This is an unofficial replication of FastViT using PyTorch. The research paper titled "FastViT: A Fast Hybrid Vision Transformer using Structural Reparameterization" is the source of this work. You can find the paper FastViT: A Fast Hybrid Vision Transformer using Structural Reparameterization
There are some details in the paper that were not published, maybe I missed it.

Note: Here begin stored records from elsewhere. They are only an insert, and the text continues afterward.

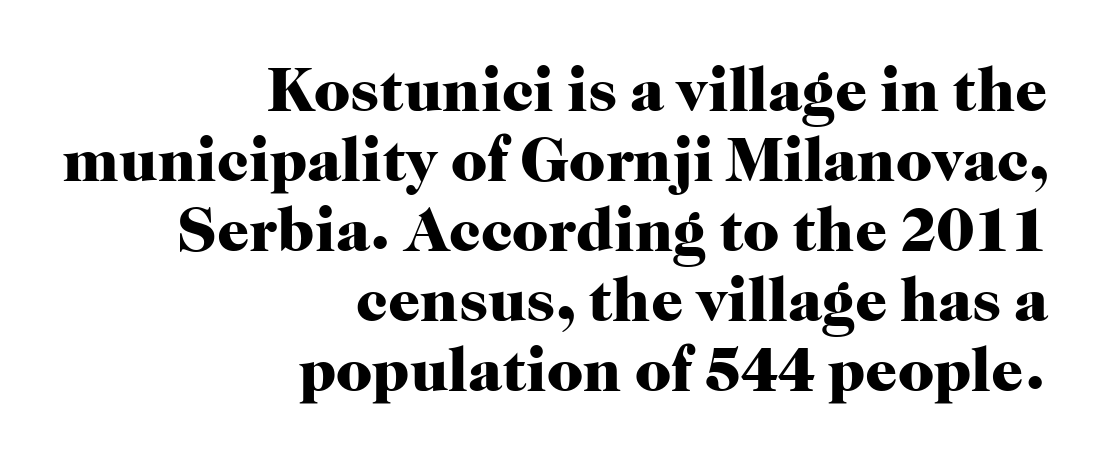
Q: Is the text bold? A: Yes.
Q: Is the text italic (slanted)? A: No, it is upright.
Q: Is the typeface a serif or a sans-serif typeface? A: Serif.
Q: Is the text underlined? A: No.
Q: How is the paragraph aligned? A: Right-aligned.
Q: Is the spacing between letters normal or unusually wide? A: Normal.
Q: Is the spacing between lines tight, normal or loose? A: Tight.
Q: Width (condensed, normal, or wide)? A: Normal.
Q: Stroke contrast? A: High.
Q: x-height? A: Medium.
Q: Monospaced? A: No.

Model | Parameters (M) | FLOPs (G) | Image Size |
---|---|---|---|
Official T8 | 3.6 | 0.7 | 256 |
Replicate T8 | 3.418 | 0.67 | 256 |
Official T12 | 6.8 | 1.4 | 256 |
Replicate T12 | 6.662 | 1.365 | 256 |
Official S12 | 8.8 | 1.8 | 256 |
Replicate S12 | 8.582 | 1.768 | 256 |
Official SA12 | 10.9 | 1.9 | 256 |
Replicate SA12 | 10.677 | 1.911 | 256 |
Official SA24 | 20.6 | 3.8 | 256 |
Replicate SA24 | 20.629 | 3.742 | 256 |
Official SA36 | 30.4 | 5.6 | 256 |
Replicate SA36 | 30.581 | 5.574 | 256 |
Official MA36 | 42.7 | 7.9 | 256 |
Replicate MA36 | 42.877 | 7.793 | 256 |
Install PyTorch and FvCore (use this library in the paper to count the number of parameters and calculations)
pip install pytorch
pip install fcvore
just run model.py
python model.py
Training on ImageNet1K is in progress. If anyone is willing to contribute by uploading and sharing their trained weights, it would be greatly appreciated.